Your job is to copy the lines from the material that include "strawberry".
§
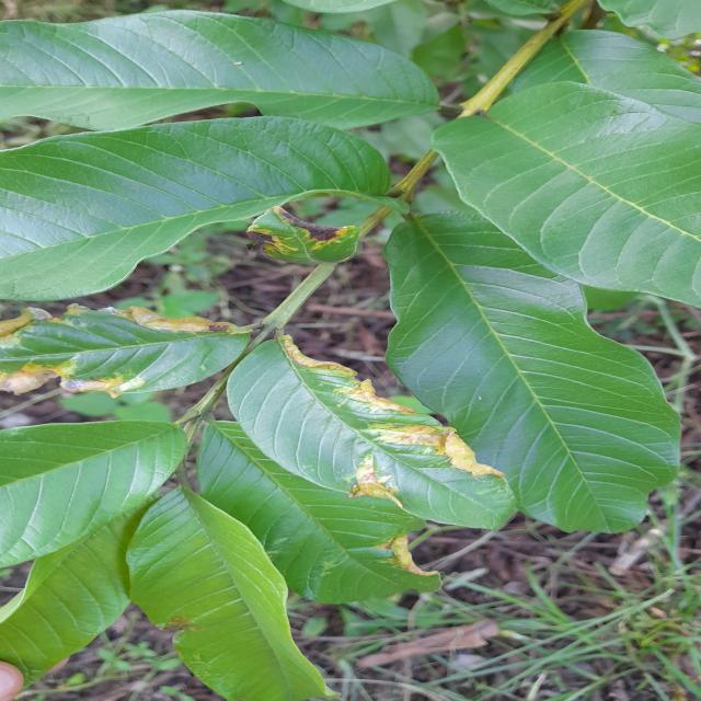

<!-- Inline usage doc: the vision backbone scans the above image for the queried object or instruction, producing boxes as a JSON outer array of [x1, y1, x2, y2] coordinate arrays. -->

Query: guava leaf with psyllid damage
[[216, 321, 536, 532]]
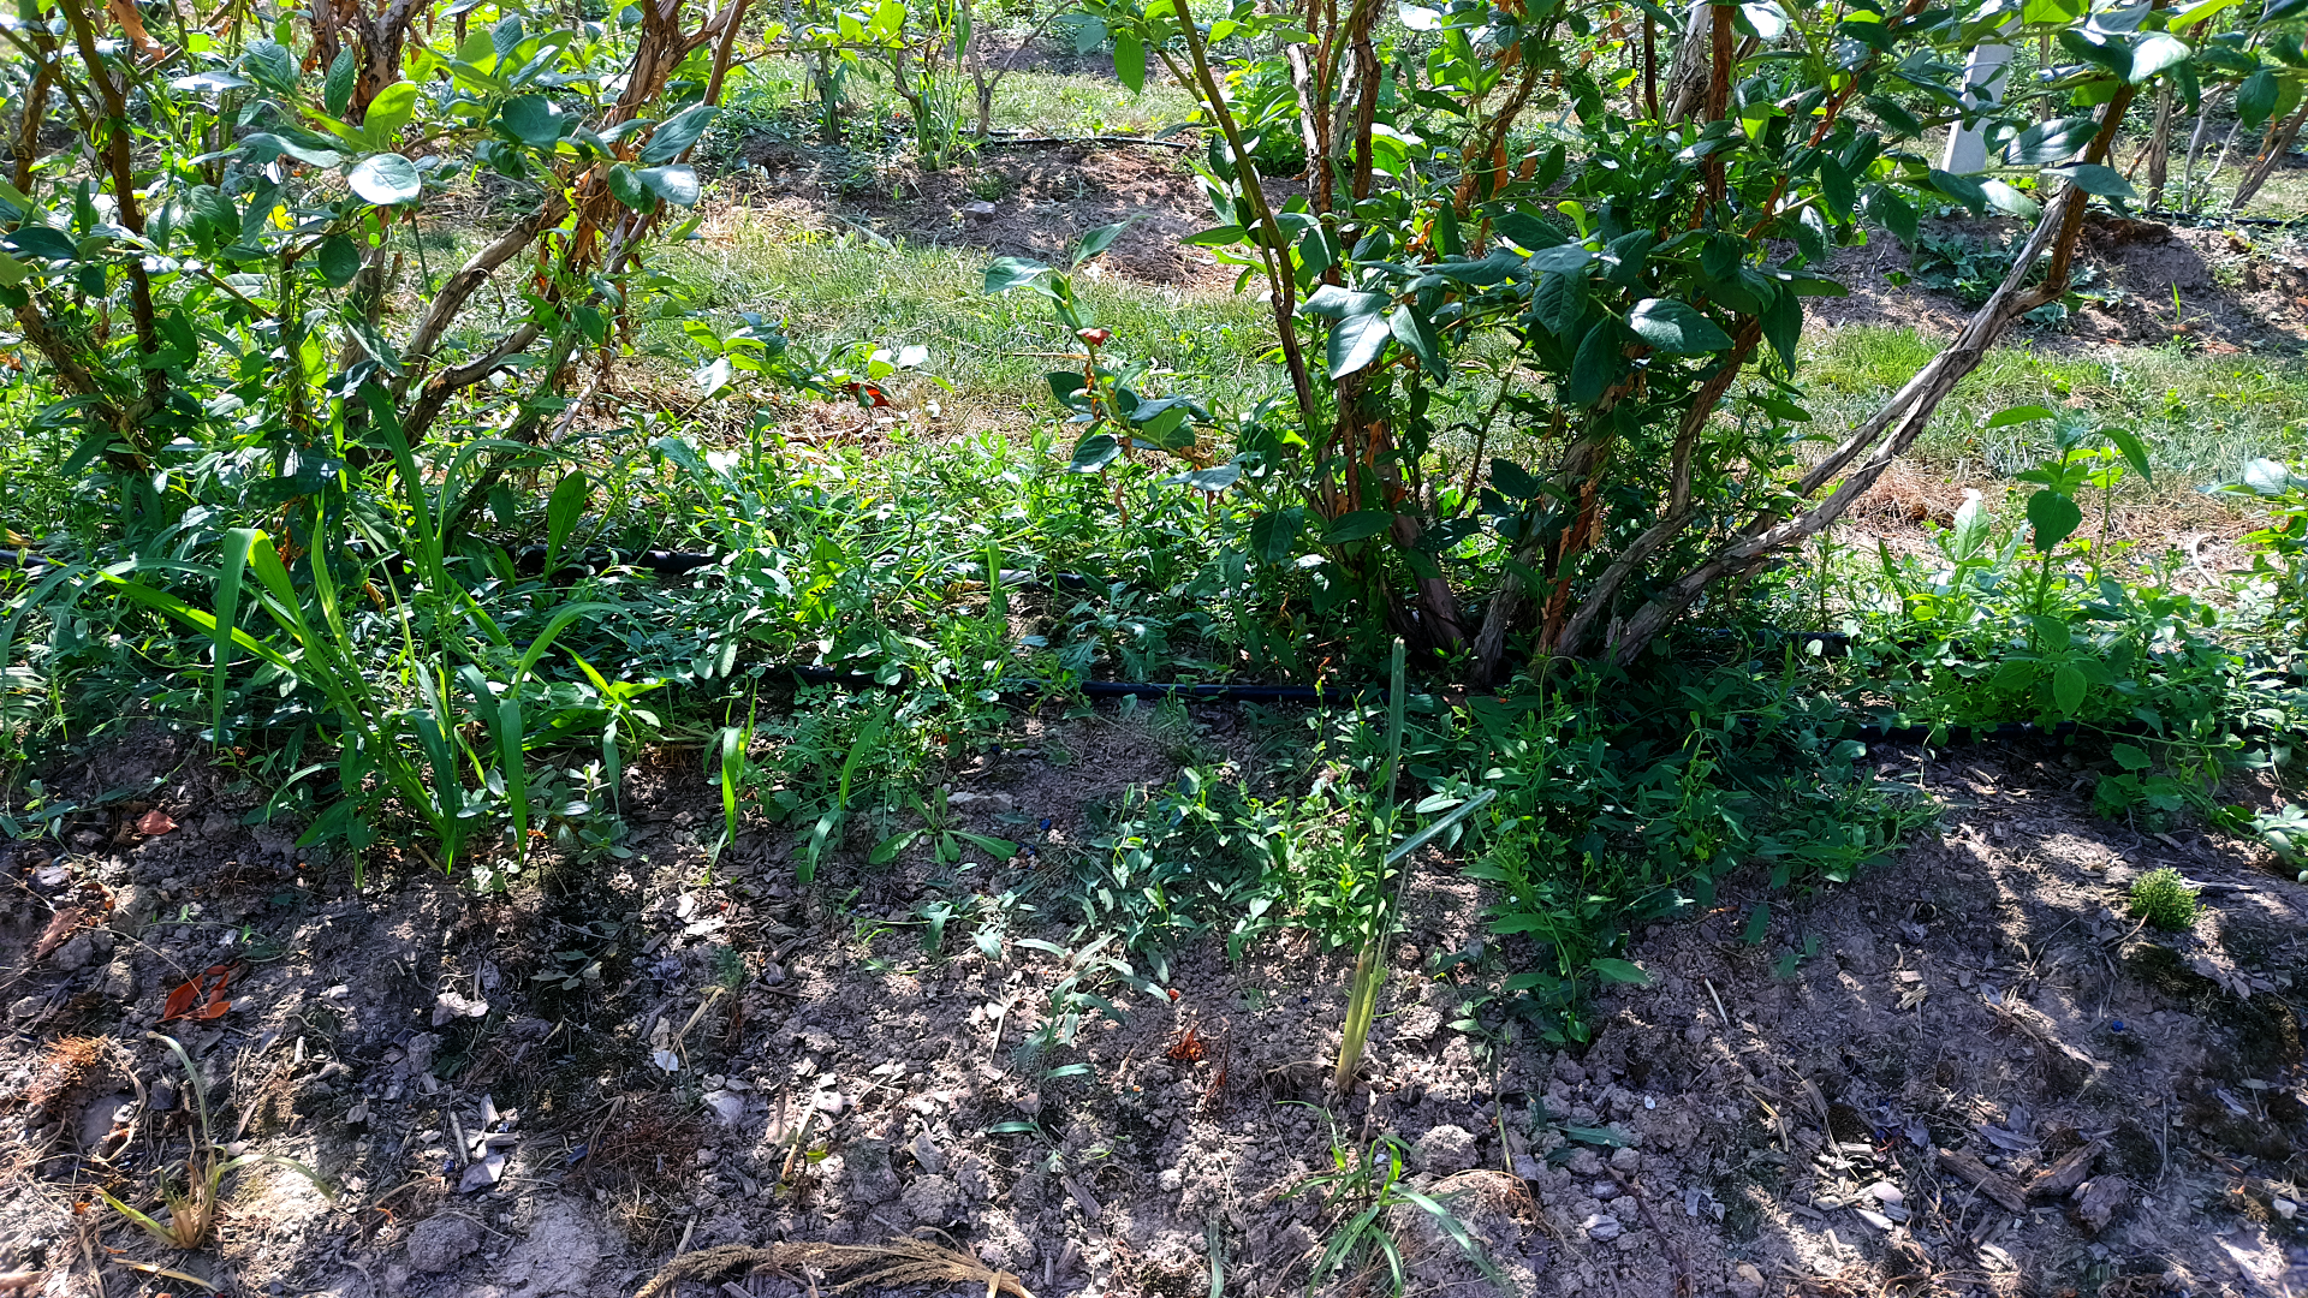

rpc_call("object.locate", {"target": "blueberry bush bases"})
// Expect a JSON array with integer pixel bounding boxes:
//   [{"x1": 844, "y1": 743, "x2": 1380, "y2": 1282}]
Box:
§
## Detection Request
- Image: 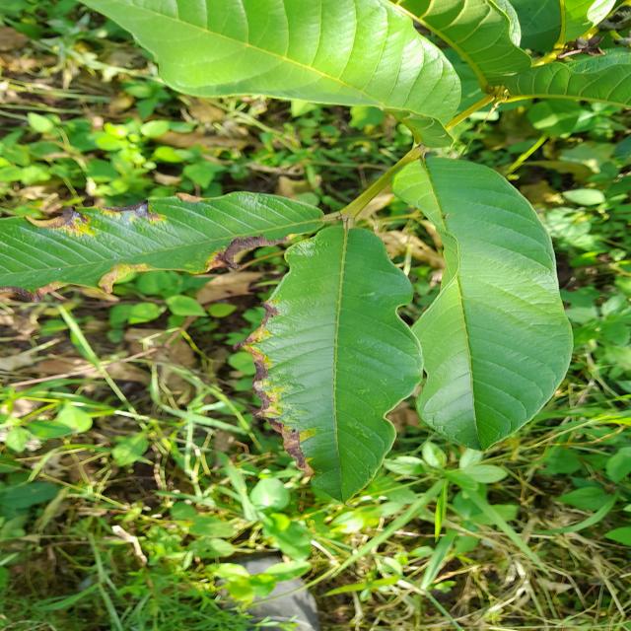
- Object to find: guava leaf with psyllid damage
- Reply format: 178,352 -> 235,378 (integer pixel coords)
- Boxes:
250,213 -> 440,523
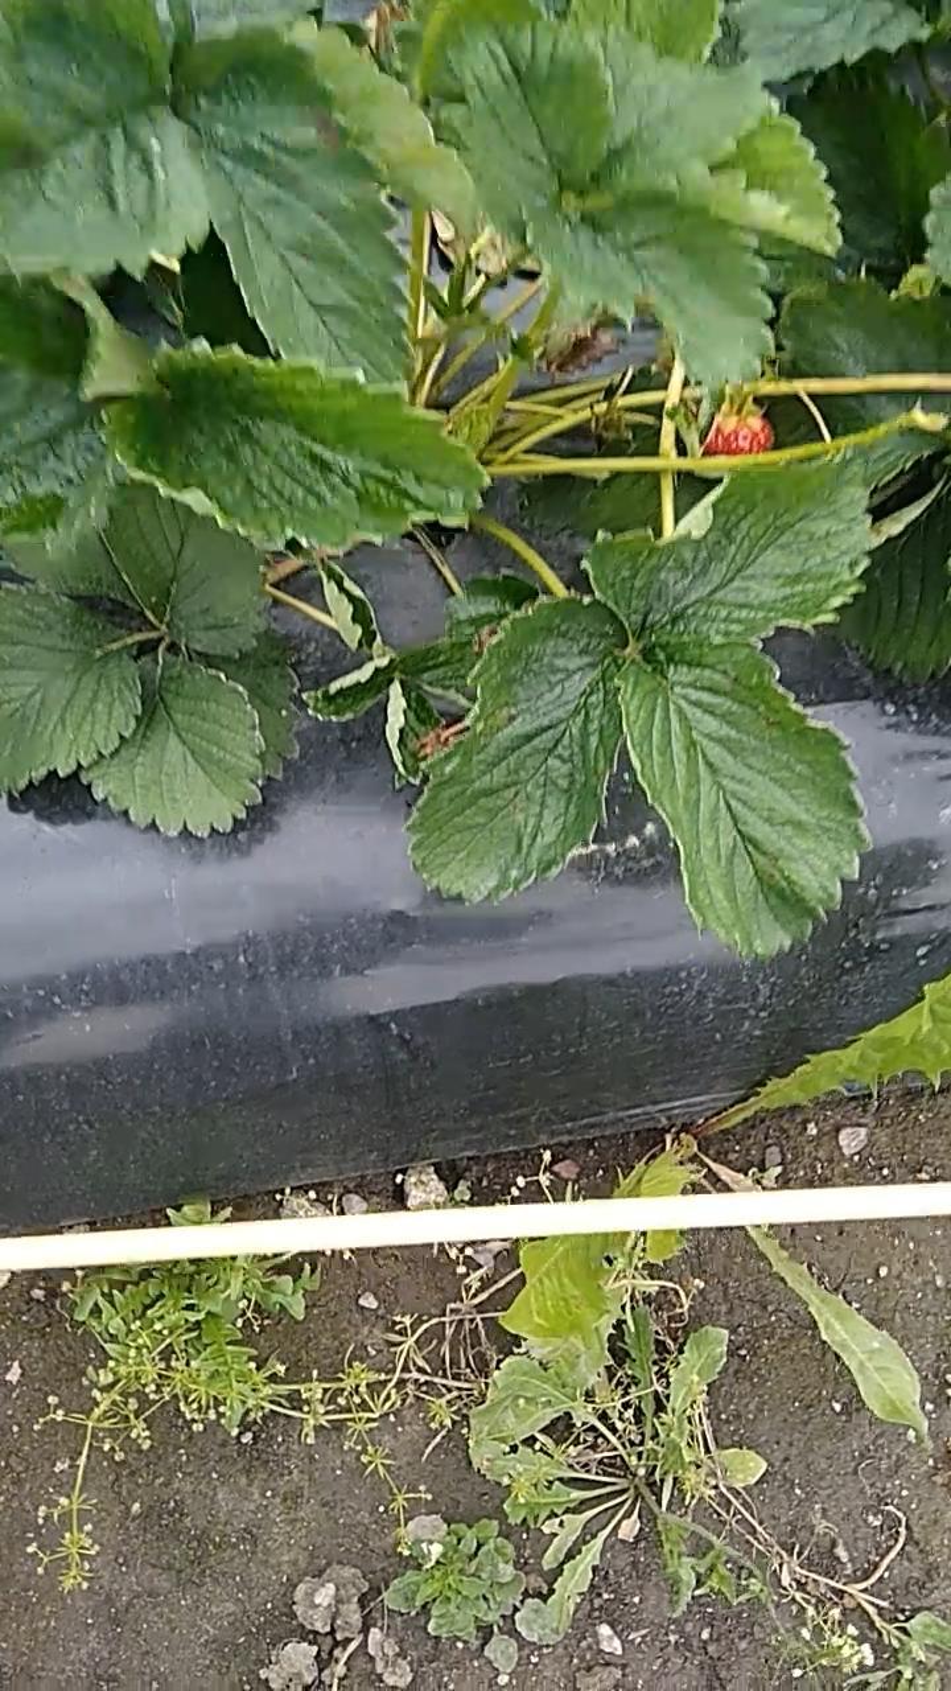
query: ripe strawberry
§
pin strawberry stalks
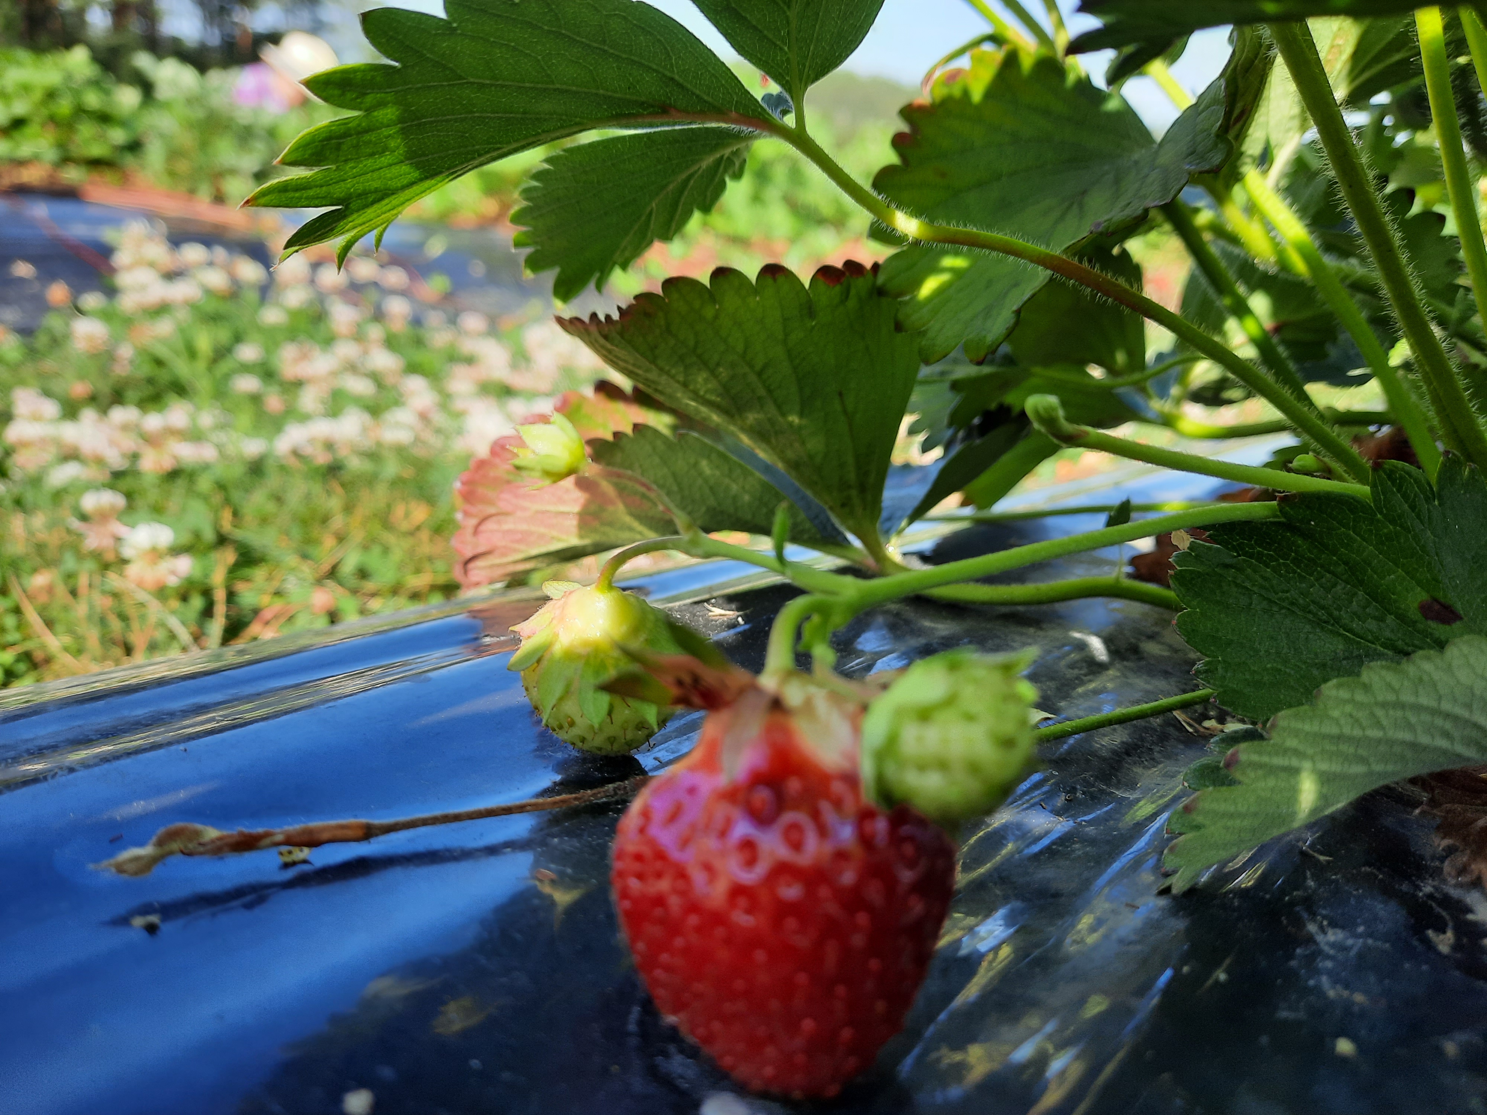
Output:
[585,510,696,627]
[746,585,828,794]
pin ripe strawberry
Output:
§
* _Reply to the exercise_
query: ripe strawberry
pin strawberry stalks
pin ripe strawberry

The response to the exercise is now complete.